Hoxa13 is a critical Hox transcription factor in the development of distal limbs and the genitourinary tract. We recently published data showing that three genes, Hibadh, Tax1bp1, and Jazf1, upstream of Hoxa13 and the Hoxa cluster, together with Hoxa13 and Evx1 constitute a domain of 5 genes, which we call the HEHTJ domain, that appear to be coordinately expressed during murine limb and genital bud development. We also reported the enhancer capabilities of a highly conserved 2.25 kb sequence (mmA13CNS) 300 kb upstream of the HoxA cluster in transgenic mice. Our long-term goals are to determine the mechanisms that govern transcriptional regulation of the Hoxa13 gene in limbs and genitourinary structures in the larger context of the HEHTJ domain. The proximity of a highly conserved cluster of Hox genes and coordinately regulated upstream genes offers novel opportunities to study enhancer regulatory mechanisms.
Specifically, we are 1) using BAC transgenesis to capture enhancers for HEHTJ gene expression; and 2) working to identify cis-acting sequences necessary for Hoxa13 expression in mouse tissues.
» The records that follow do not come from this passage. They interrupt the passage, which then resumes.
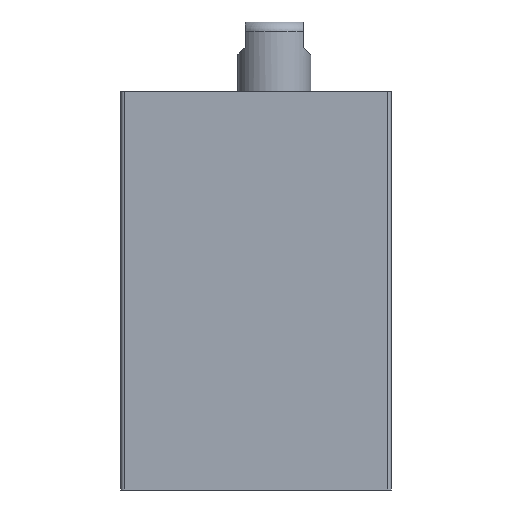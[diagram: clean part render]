
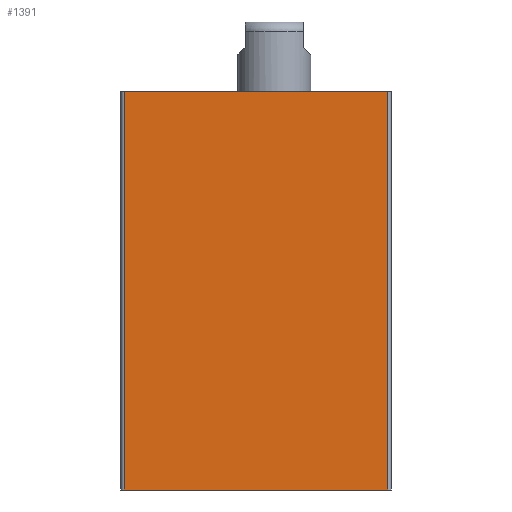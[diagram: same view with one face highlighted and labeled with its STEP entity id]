
A CAD part, left-side view. The second image highlights one B-rep face of the part: STEP entity #1391.
In plain terms, the highlighted planar face has unit normal (-1, 0, 0).
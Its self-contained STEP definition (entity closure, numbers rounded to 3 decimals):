
#248=CARTESIAN_POINT('',(-16.,-15.5,-27.25));
#249=VERTEX_POINT('',#248);
#259=CARTESIAN_POINT('',(-16.,20.5,-27.25));
#260=VERTEX_POINT('',#259);
#261=CARTESIAN_POINT('',(-16.,20.5,-27.25));
#262=DIRECTION('',(0.0,-1.0,0.0));
#263=VECTOR('',#262,36.0);
#264=LINE('',#261,#263);
#265=EDGE_CURVE('',#260,#249,#264,.T.);
#574=CARTESIAN_POINT('',(-16.,20.5,27.25));
#575=VERTEX_POINT('',#574);
#585=CARTESIAN_POINT('',(-16.,-15.5,27.25));
#586=VERTEX_POINT('',#585);
#587=CARTESIAN_POINT('',(-16.,-15.5,27.25));
#588=DIRECTION('',(0.0,1.0,0.0));
#589=VECTOR('',#588,36.0);
#590=LINE('',#587,#589);
#591=EDGE_CURVE('',#586,#575,#590,.T.);
#1286=CARTESIAN_POINT('',(-16.,20.5,27.25));
#1287=DIRECTION('',(0.0,0.0,-1.0));
#1288=VECTOR('',#1287,54.5);
#1289=LINE('',#1286,#1288);
#1290=EDGE_CURVE('',#575,#260,#1289,.T.);
#1369=CARTESIAN_POINT('',(-16.,-15.5,-27.25));
#1370=DIRECTION('',(0.0,0.0,1.0));
#1371=VECTOR('',#1370,54.5);
#1372=LINE('',#1369,#1371);
#1373=EDGE_CURVE('',#249,#586,#1372,.T.);
#1380=CARTESIAN_POINT('',(-16.,-15.5,0.0));
#1381=DIRECTION('',(-1.0,0.0,0.0));
#1382=DIRECTION('',(0.0,0.0,1.0));
#1383=AXIS2_PLACEMENT_3D('',#1380,#1381,#1382);
#1384=PLANE('',#1383);
#1385=ORIENTED_EDGE('',*,*,#591,.T.);
#1386=ORIENTED_EDGE('',*,*,#1290,.T.);
#1387=ORIENTED_EDGE('',*,*,#265,.T.);
#1388=ORIENTED_EDGE('',*,*,#1373,.T.);
#1389=EDGE_LOOP('',(#1385,#1386,#1387,#1388));
#1390=FACE_OUTER_BOUND('',#1389,.T.);
#1391=ADVANCED_FACE('',(#1390),#1384,.T.);
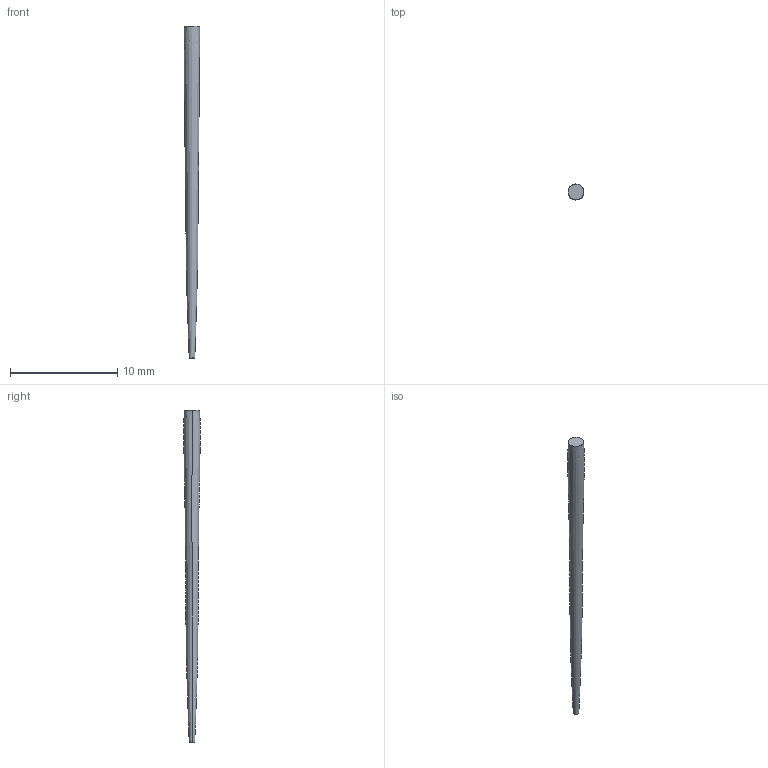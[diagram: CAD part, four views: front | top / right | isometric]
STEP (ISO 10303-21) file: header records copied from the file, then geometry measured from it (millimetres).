
FILE_DESCRIPTION (( 'STEP AP214' ), '1' );
FILE_NAME ('tube_oc.STEP', '2021-04-12T13:01:52', ( '' ), ( '' ), 'SwSTEP 2.0', 'SolidWorks 2020', '' );
FILE_SCHEMA (( 'AUTOMOTIVE_DESIGN' ));
Length unit declared in the file: millimetre
Products named in the file (1): tube_oc
Bounding box: 1.46 x 1.53 x 31 mm (x, y, z)
Volume: 34.3 mm3; surface area: 114.7 mm2
Topology: 1 solids, 1 shells, 4 faces, 6 edges, 4 vertices
Faces by surface type: bspline 2, plane 2
Entity records: 2190 total; most frequent: CARTESIAN_POINT 2099, ORIENTED_EDGE 12, B_SPLINE_CURVE_WITH_KNOTS 6, DIRECTION 6, EDGE_CURVE 6, ADVANCED_FACE 4, FACE_OUTER_BOUND 4, VERTEX_POINT 4

We created mice transgenic for a two BACs encompassing mmA13CNS and have shown the existence of at least two enhancers for proper expression in murine limbs and genital bud development. We are also making a Hoxa13 gene/β-globin lacZ reporter linked to candidate enhancers derived from our BAC transgene work. The plan is to introduce these constructs into the Hoxa13 null background to test for rescue of in utero lethality, limb and urogenital malformation in Hoxa13 -/- embryos.